> _Problem statement_:
All of the data goes into your copy exactly as written. Images do not.

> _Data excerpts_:
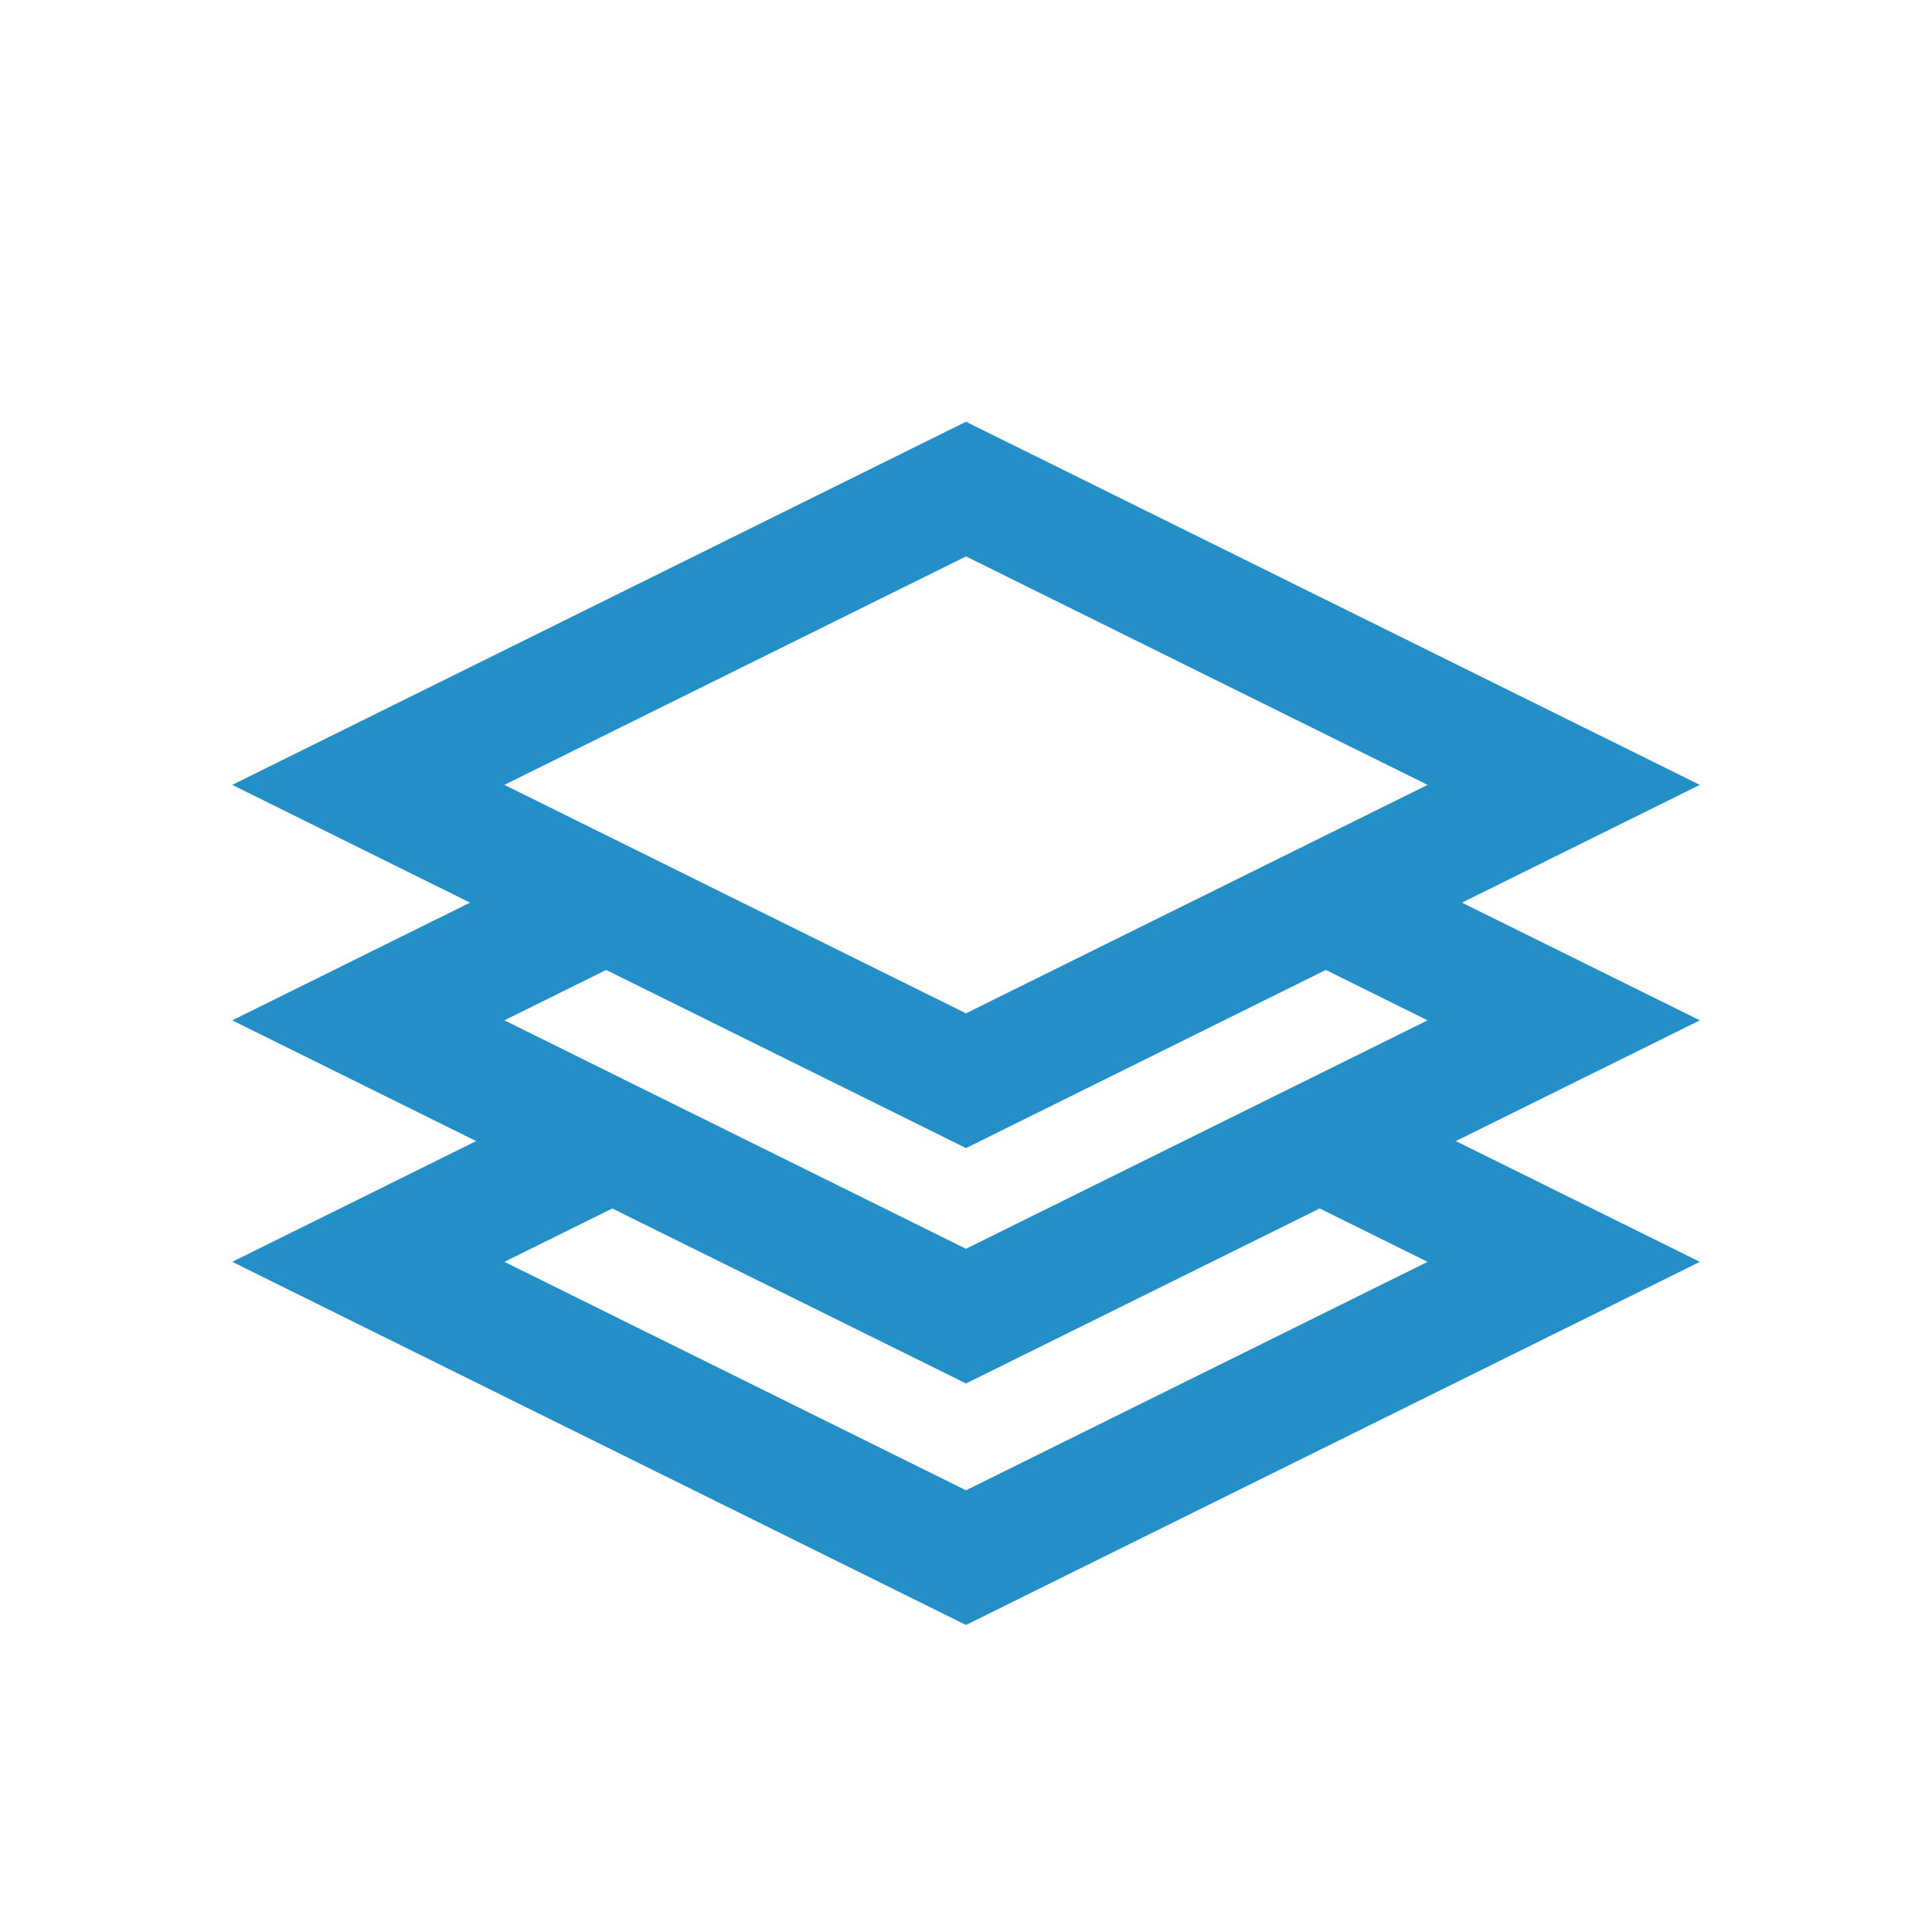 <!DOCTYPE svg PUBLIC "-//W3C//DTD SVG 1.1//EN" "http://www.w3.org/Graphics/SVG/1.1/DTD/svg11.dtd">

<!-- Uploaded to: SVG Repo, www.svgrepo.com, Transformed by: SVG Repo Mixer Tools -->
<svg width="75px" height="75px" viewBox="0 0 24 24" fill="none" xmlns="http://www.w3.org/2000/svg">

<g id="SVGRepo_bgCarrier" stroke-width="0"/>

<g id="SVGRepo_tracerCarrier" stroke-linecap="round" stroke-linejoin="round"/>

<g id="SVGRepo_iconCarrier"> <path fill-rule="evenodd" clip-rule="evenodd" d="M21.116 9.75L18.161 11.213L21.116 12.675L18.085 14.175L21.116 15.675L12 20.186L2.885 15.675L5.915 14.175L2.885 12.675L5.839 11.213L2.885 9.75L12 5.239L21.116 9.75ZM7.606 15.012L6.266 15.675L12 18.513L17.734 15.675L16.394 15.012L12 17.186L7.606 15.012ZM12 14.262L16.47 12.049L17.734 12.675L12 15.513L6.266 12.675L7.53 12.049L12 14.262ZM12 6.912L6.266 9.75L12 12.588L17.734 9.75L12 6.912Z" fill="#248ec7"/> </g>

</svg>
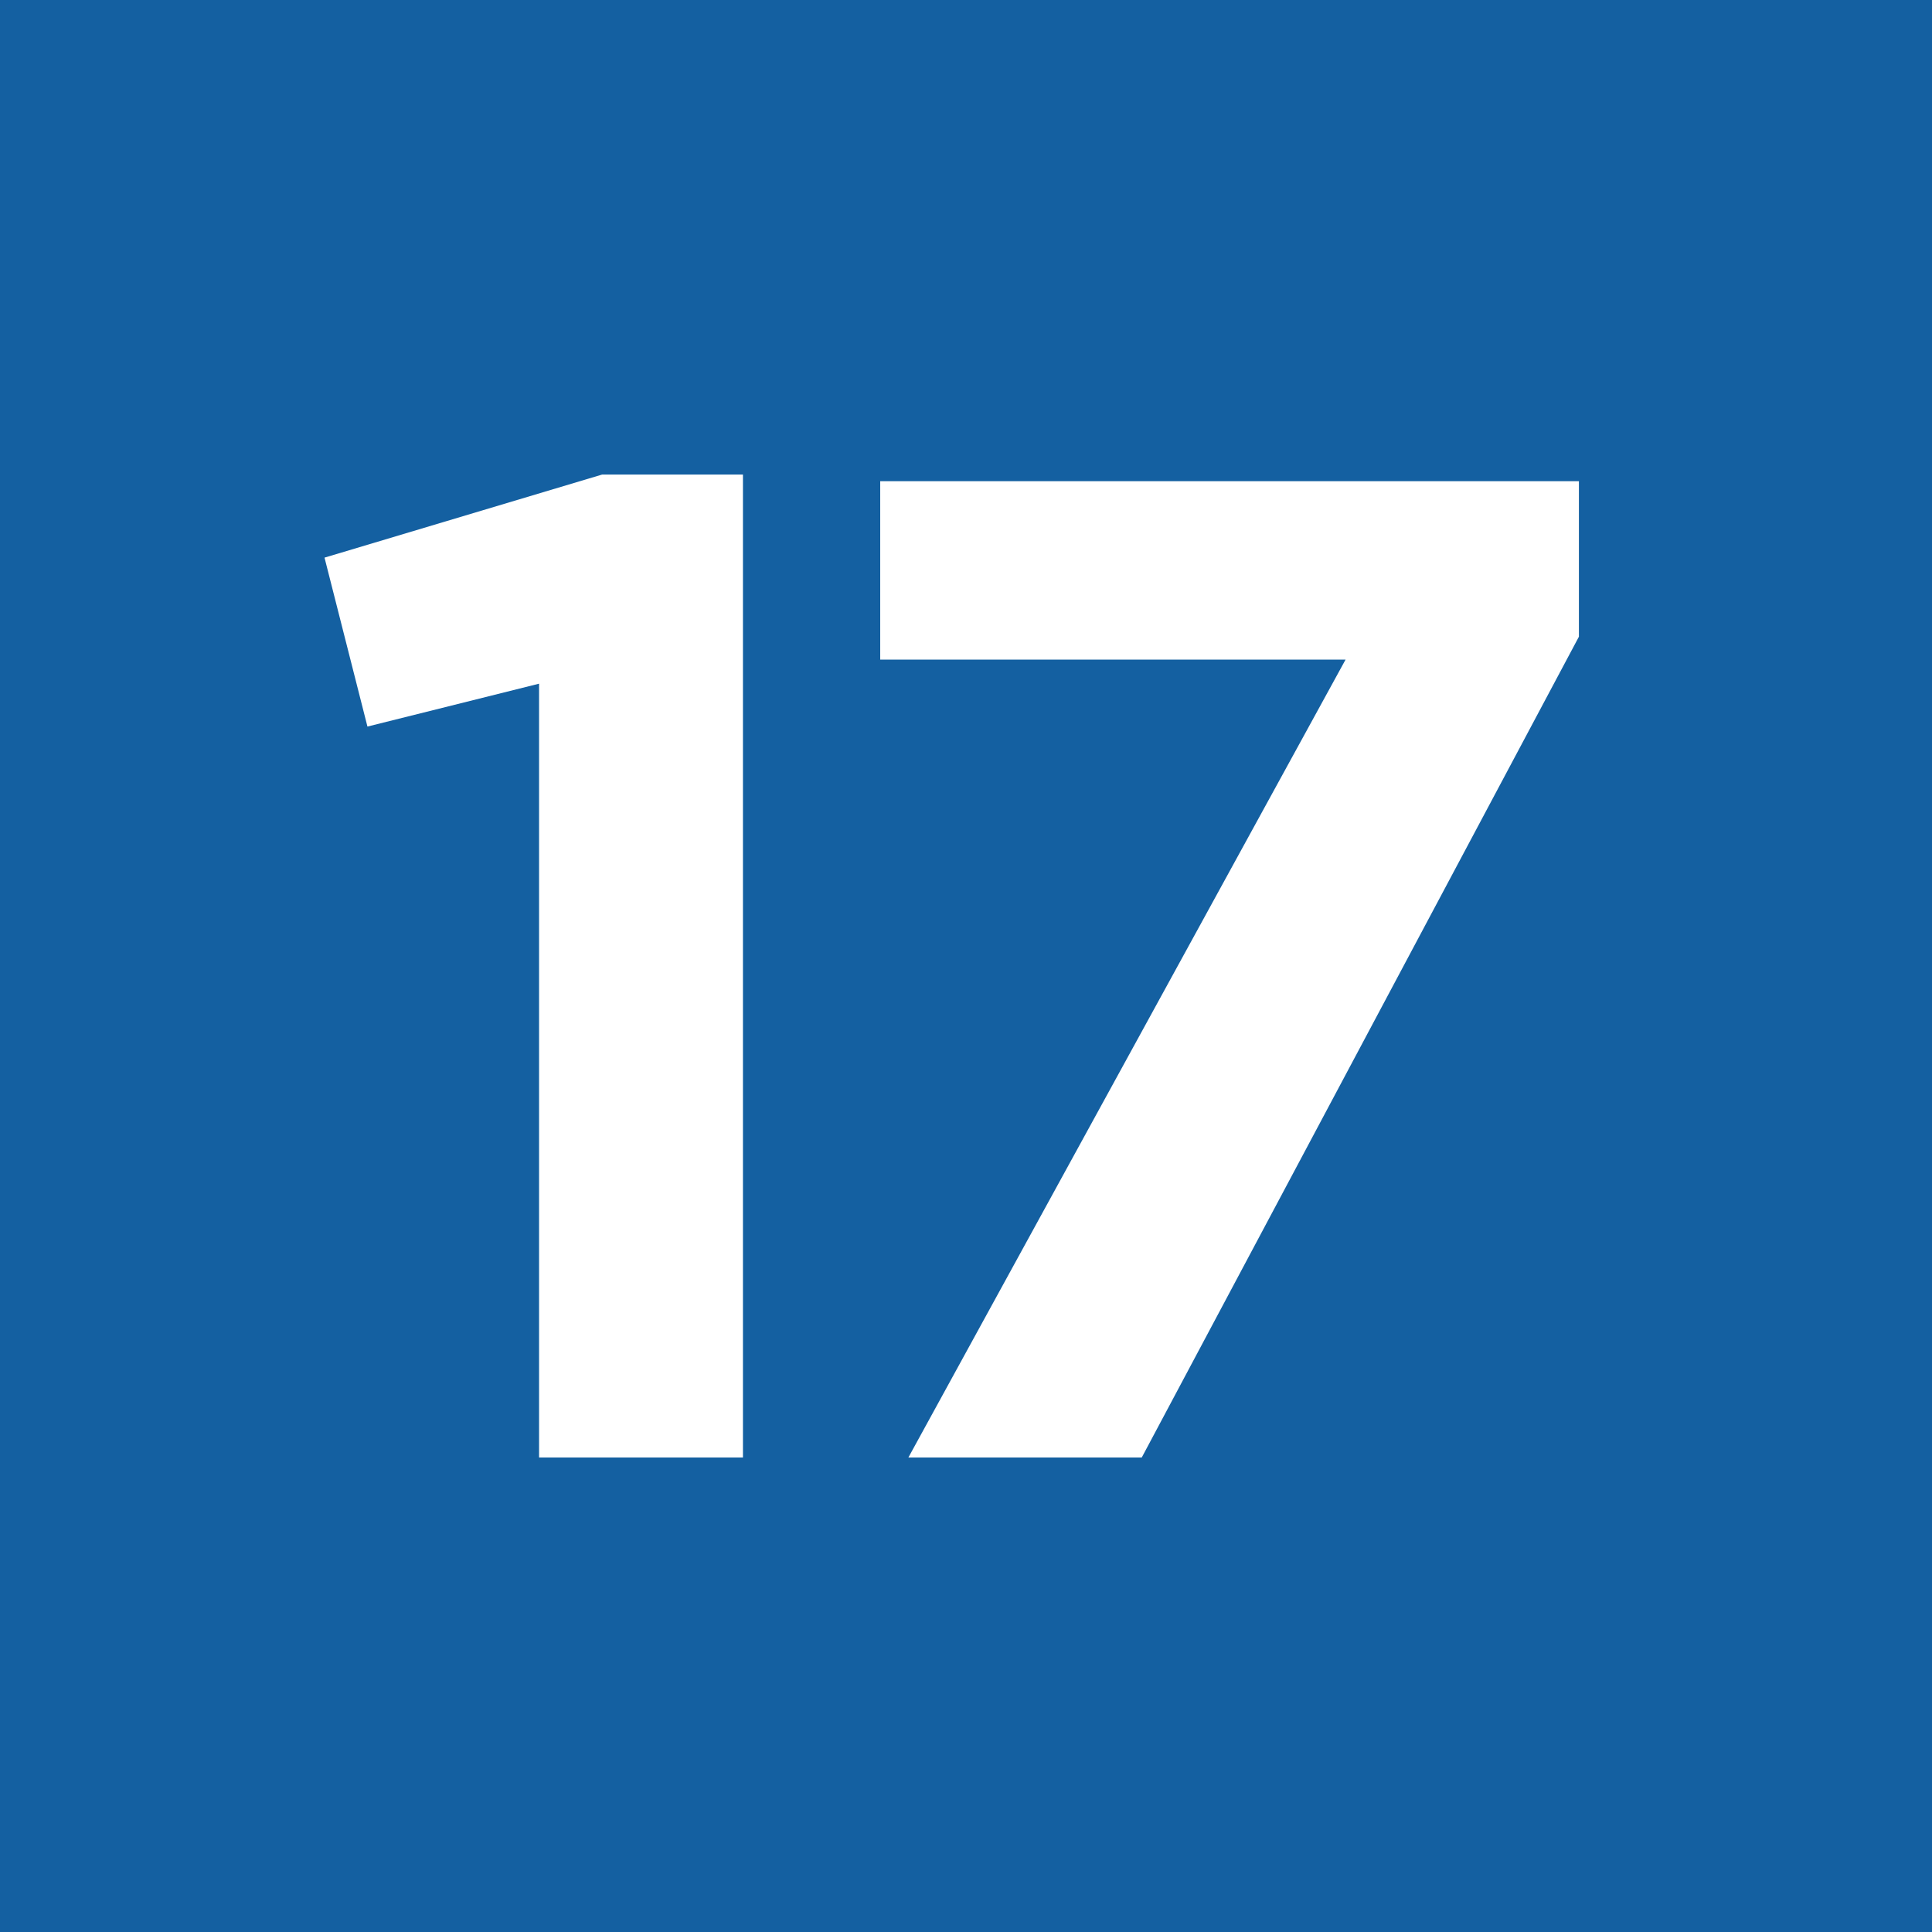 <svg xmlns="http://www.w3.org/2000/svg" xmlns:xlink="http://www.w3.org/1999/xlink" width="100" height="100"
  viewBox="0 0 100 100">
  <defs>
    <style>
      .favicon-frame {
        fill: #1460a1;
      }
      .favicon {
        fill: #fff;
      }
      
      @media (prefers-color-scheme: dark) {
        .favicon-frame {
          display: none;
        }
        .favicon {
          fill: #6c6c6c
        }
      }
    </style>
  </defs>
  <g id="favicon">
    <rect class="favicon-frame" width="100" height="100" />
    <g id="icon">
      <path class="favicon" d="M11.105,83.853V43.8L2.222,46.02,0,37.276l14.368-4.3h7.29V83.853Z" transform="translate(16.797 -8.413)" />
      <path class="favicon" d="M16.294,83.685l22.629-41.3H14.836V33.151H51V41.2L28.373,83.685Z" transform="translate(30.724 -8.245)" />
    </g>
  </g>
</svg>

> _Written response_:
 <!DOCTYPE svg PUBLIC "-//W3C//DTD SVG 1.1//EN" "http://www.w3.org/Graphics/SVG/1.1/DTD/svg11.dtd">

<!-- Uploaded to: SVG Repo, www.svgrepo.com, Transformed by: SVG Repo Mixer Tools -->
<svg width="75px" height="75px" viewBox="0 0 24 24" fill="none" xmlns="http://www.w3.org/2000/svg">

<g id="SVGRepo_bgCarrier" stroke-width="0"/>

<g id="SVGRepo_tracerCarrier" stroke-linecap="round" stroke-linejoin="round"/>

<g id="SVGRepo_iconCarrier"> <path fill-rule="evenodd" clip-rule="evenodd" d="M21.116 9.75L18.161 11.213L21.116 12.675L18.085 14.175L21.116 15.675L12 20.186L2.885 15.675L5.915 14.175L2.885 12.675L5.839 11.213L2.885 9.75L12 5.239L21.116 9.75ZM7.606 15.012L6.266 15.675L12 18.513L17.734 15.675L16.394 15.012L12 17.186L7.606 15.012ZM12 14.262L16.47 12.049L17.734 12.675L12 15.513L6.266 12.675L7.53 12.049L12 14.262ZM12 6.912L6.266 9.75L12 12.588L17.734 9.75L12 6.912Z" fill="#248ec7"/> </g>

</svg>
 <svg xmlns="http://www.w3.org/2000/svg" xmlns:xlink="http://www.w3.org/1999/xlink" width="100" height="100"
  viewBox="0 0 100 100">
  <defs>
    <style>
      .favicon-frame {
        fill: #1460a1;
      }
      .favicon {
        fill: #fff;
      }
      
      @media (prefers-color-scheme: dark) {
        .favicon-frame {
          display: none;
        }
        .favicon {
          fill: #6c6c6c
        }
      }
    </style>
  </defs>
  <g id="favicon">
    <rect class="favicon-frame" width="100" height="100" />
    <g id="icon">
      <path class="favicon" d="M11.105,83.853V43.8L2.222,46.02,0,37.276l14.368-4.3h7.29V83.853Z" transform="translate(16.797 -8.413)" />
      <path class="favicon" d="M16.294,83.685l22.629-41.3H14.836V33.151H51V41.2L28.373,83.685Z" transform="translate(30.724 -8.245)" />
    </g>
  </g>
</svg>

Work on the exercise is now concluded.